Kalian pikir dengan meniru gaya rambutku kalian akan lebih mirip denganku. Namun, rambut saja tidak cukup. Kalian beli kaos seperti yang aku pakai (memroduksinya sendiri jika perlu), kemudian celana, sepatu, sendal, celana dalam, jel rambut, sabun wajah, sabun tubuh, losion pemutih kulit, losion penghalus kulit (hanya karena kalian pikir kulitku halus, walau kalian sendiri belum pernah sentuh kulitku), minyak wangi, deodoran, kaos kaki, jaket, sweater, rokok, dan korek api. Pada titik ini, bisa dibilang kalian sudah terobsesi akan citraku. Tapi semua itu pun tidak cukup. Kalian pun berusaha memiliki rumah sepertiku dengan set tv besar, sound system dolby 5.1, ac di setiap ruangan, bath tub di kamar mandi, toilet duduk lengkap dengan semprotan kecilnya untuk membersihkan pantat kalian, kasur pegas berukuran besar lengkap dengan bantal dan guling dengan berbagai macam ukuran, sofa besar dengan bordiran emas, taman kecil penuh bunga, dan pintu utama berdaun pintu dua dengan kenop dari emas. Maaf, pada titik ini kalian sudah aku bisa bilang sebagai komunitas dengan ketidakselarasan emosi, atau GILA mungkin lebih tepat.

Tapi kalian tidak tahu itu dan mengacuhkan petunjuk apapun yang mengarahkan kalian pada pengetahuan itu, kalian tanpa sadar memilih untuk tidak tahu kalau kalian gila, untukku inilah kegilaan sesungguhnya. Kalian hanya melihat, mendengar, dan merasakan apa yang aku tunjukkan, katakan, dan gambarkan pada kalian. Di luar itu, sepertinya tidak cukup penting untuk menjadi bahan pertimbangan kalian. Mungkin sesekali kalian berpikir tentang nasib bangsa kalian, kelanjutan umat manusia, atau, jika kalian cukup arogan, berpikir bagaimana menyelamatkan planet kalian. Oh, God. Can somebody turn on the heater, please? Thank you. Tapi kemudian aku muncul melalui baliho-baliho, poster-poster, selebaran, dan di kotak listrik di depan kalian, dan kalian pun kembali mengikuti dan mengafirmasi apa yang aku katakan dan tunjukkan pada kalian.

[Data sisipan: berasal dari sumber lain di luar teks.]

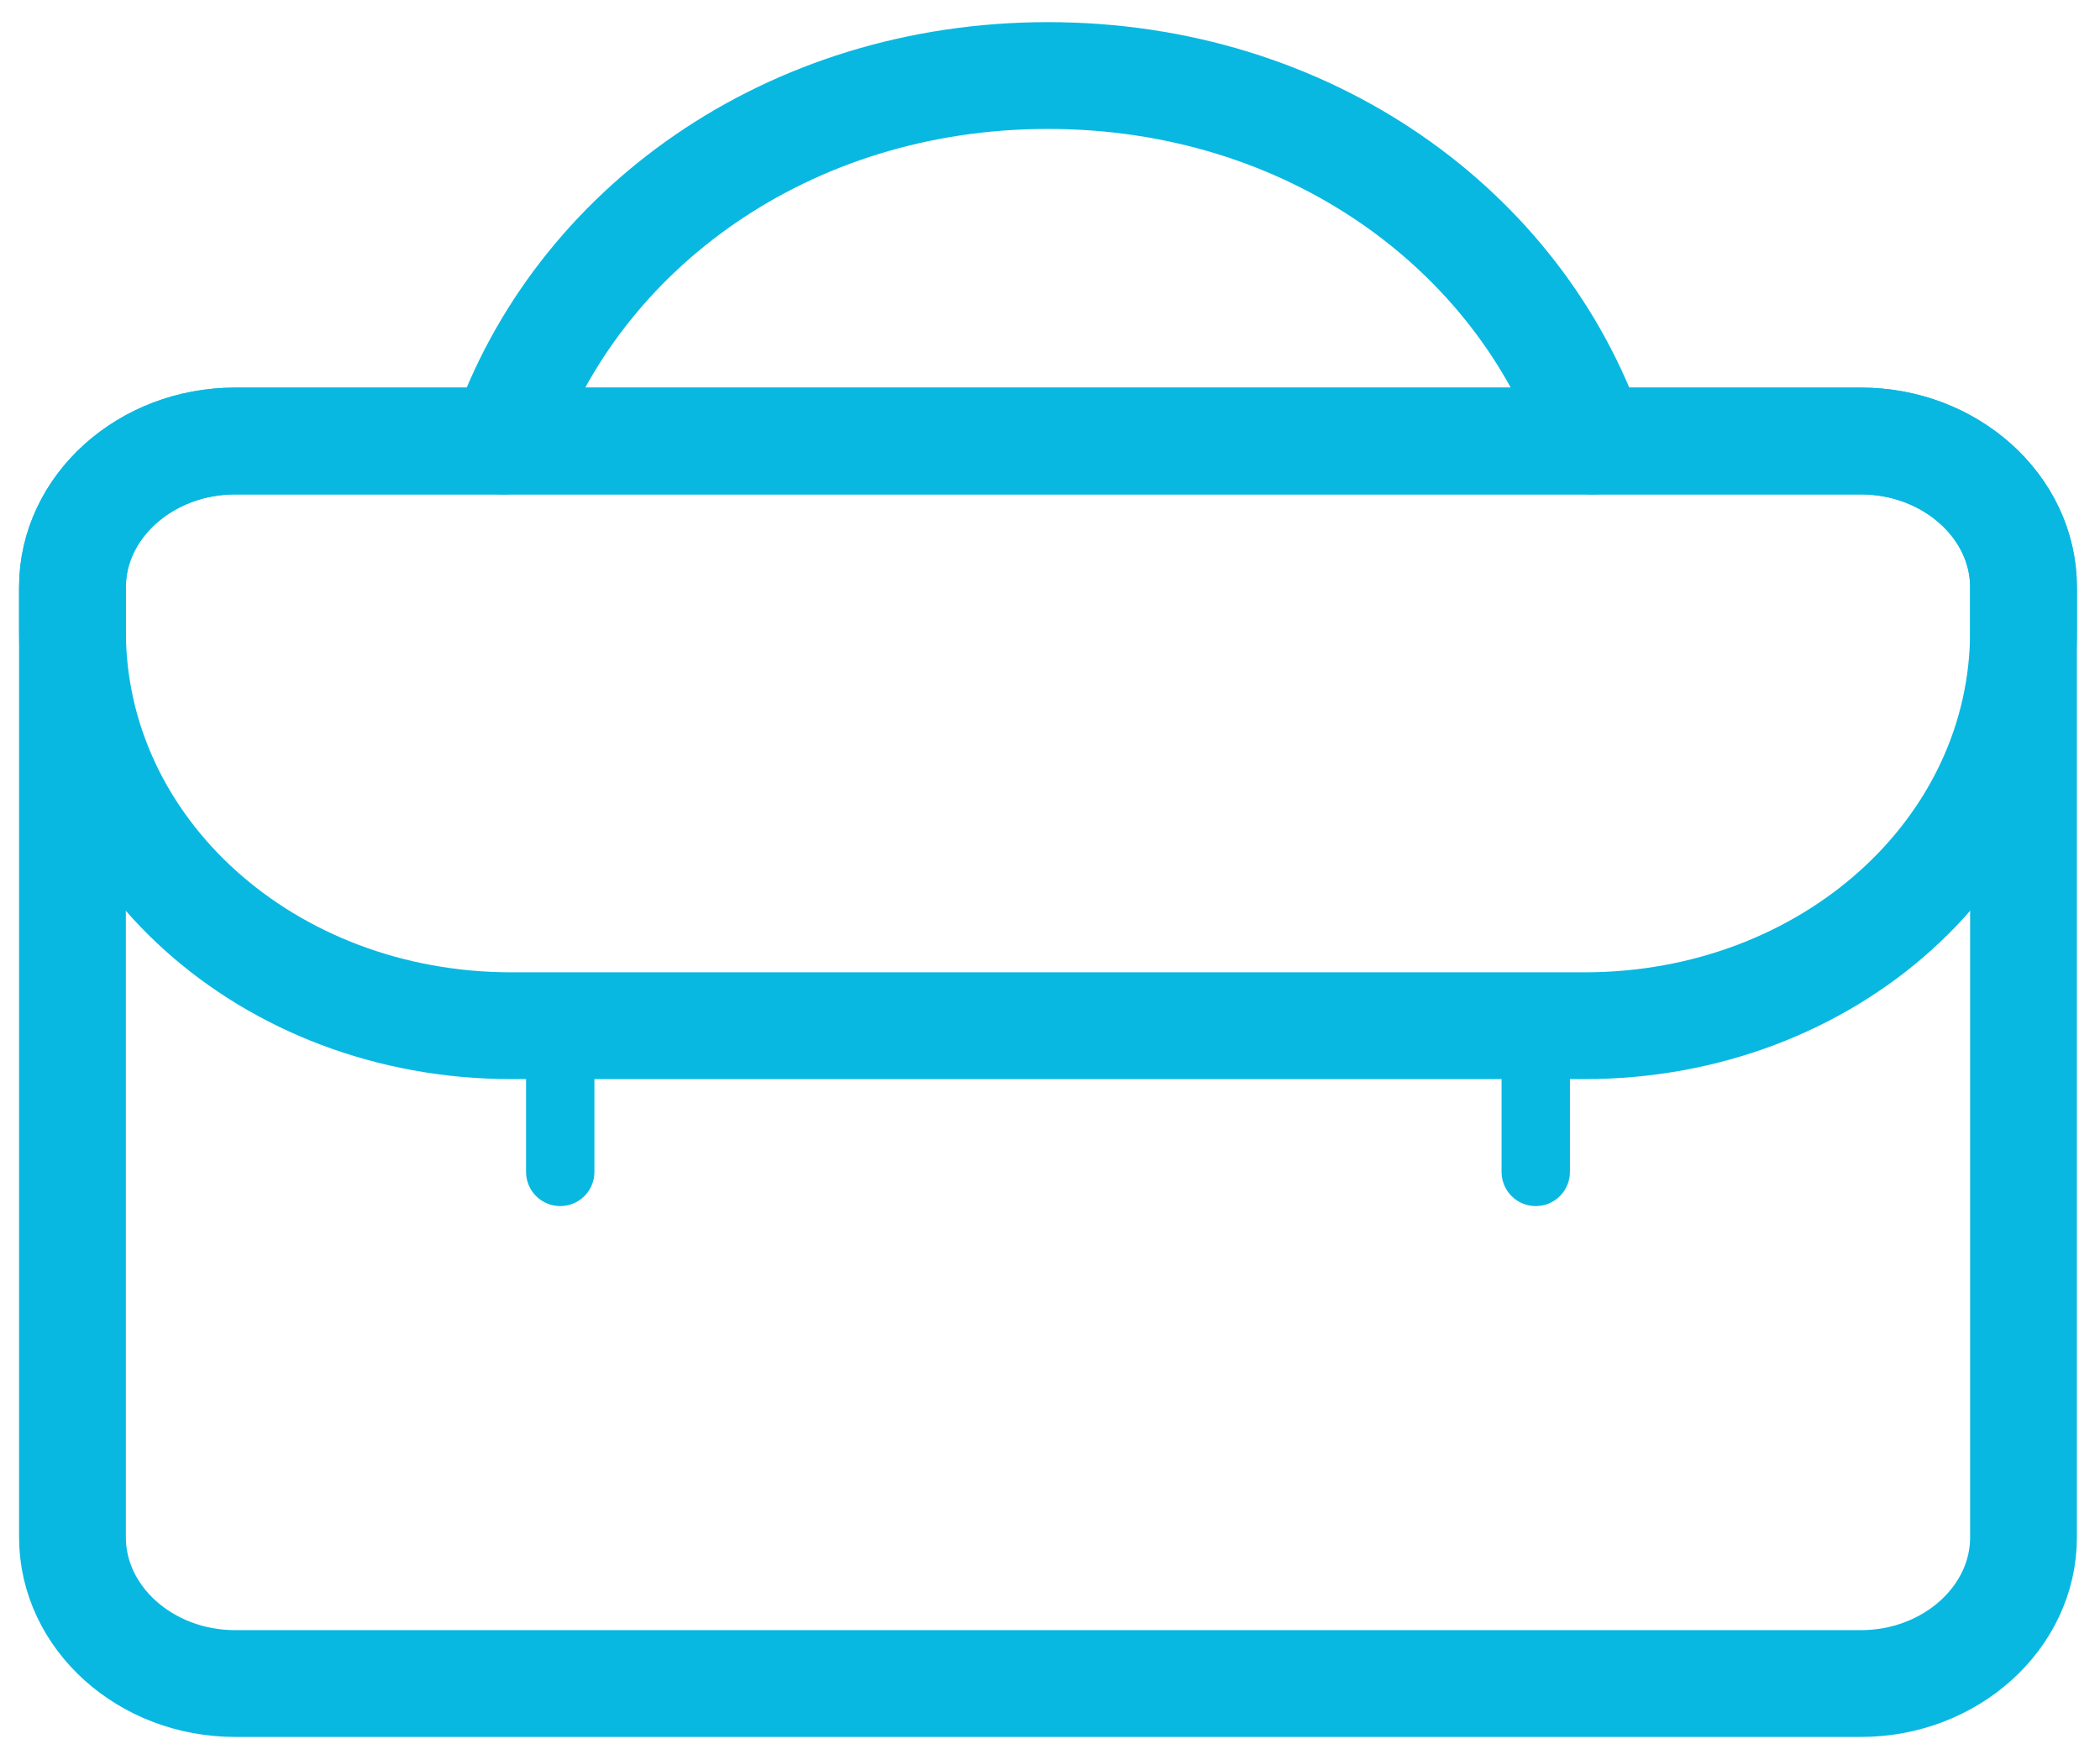 <svg width="59" height="49" viewBox="0 0 59 49" fill="none" xmlns="http://www.w3.org/2000/svg">
<path d="M52.283 47.295H6.604C4.091 47.295 2.036 45.447 2.036 43.188V16.495C2.036 14.237 4.091 12.389 6.604 12.389H52.283C54.795 12.389 56.851 14.237 56.851 16.495V43.188C56.851 45.447 54.795 47.295 52.283 47.295Z" stroke="#08B8E1" stroke-width="3" stroke-miterlimit="10" stroke-linecap="round" stroke-linejoin="round"/>
<path d="M44.518 28.815H14.369C7.517 28.815 2.036 23.887 2.036 17.727V16.495C2.036 14.237 4.091 12.389 6.604 12.389H52.283C54.795 12.389 56.851 14.237 56.851 16.495V17.727C56.851 23.887 51.37 28.815 44.518 28.815Z" stroke="#08B8E1" stroke-width="3" stroke-miterlimit="10" stroke-linecap="round" stroke-linejoin="round"/>
<path d="M15.74 32.922V28.815" stroke="#08B8E1" stroke-width="1.92" stroke-miterlimit="10" stroke-linecap="round" stroke-linejoin="round"/>
<path d="M43.147 32.922V28.815" stroke="#08B8E1" stroke-width="1.92" stroke-miterlimit="10" stroke-linecap="round" stroke-linejoin="round"/>
<path d="M14.141 12.389C16.197 6.434 22.135 2.122 29.443 2.122C36.752 2.122 42.69 6.434 44.746 12.389" stroke="#08B8E1" stroke-width="3" stroke-miterlimit="10" stroke-linecap="round" stroke-linejoin="round"/>
</svg>

Kalian terpesona oleh warna-warni menyala yang aku bawa, merk-merk yang aku gembar-gemborkan, dan citra kesempurnaan yang aku usung. Kalian pun lupa siapa diri kalian sebenarnya. Kini kalian adalah agen KFC, McD, Burger King, Armani, Louis Vuitton, RCTI, dan SCTV yang mengonsumsi sekaligus mendistribusikan semua itu. Lupa manusia lahir telanjang. Lupa manusia tidak memiliki kekosongan dalam jiwa. Lupa pada alam. Lupa sabda semesta. Lupa bumi dan waktu bukan milik kalian. Misiku berhasil. Tuhan kalian sekarang adalah yang bisa menilai segalanya, nilai guna tidak lagi penting, nilai tukar lebih utama. Shit, it’s too hot, goddamnit. Who the fuck buy this fuckin’ heater? Uang. Uang. Uang. Uang. Uang. HAHA. Di hadapan uang kalian sama. Kalian bangun pagi dengan satu tujuan dalam pikiran, mendapatkan uang. Sepanjang hari, mencari kesana kemari, mendapat sedikit lalu menghabiskannya. Tidur di malam hari dan berharap besok masih ada uang di pojok-pojok dunia untuk didapatkan dan kemudian dihamburkan lagi. Oh, ya, misiku berhasil.

Aku seorang aktor untuk Tuhan, telah mengemban peran dengan baik. Kini, aku nyata dan kalian adalah fiksi. Peranku telah mengejawantah. Raksasa korporasi multinasional mendunia, Tuhan mewujud dan kalian menjadi fiksi. Sebuah sandiwara yang spektakuler. Kini kalian telah melihat wajah Tuhan.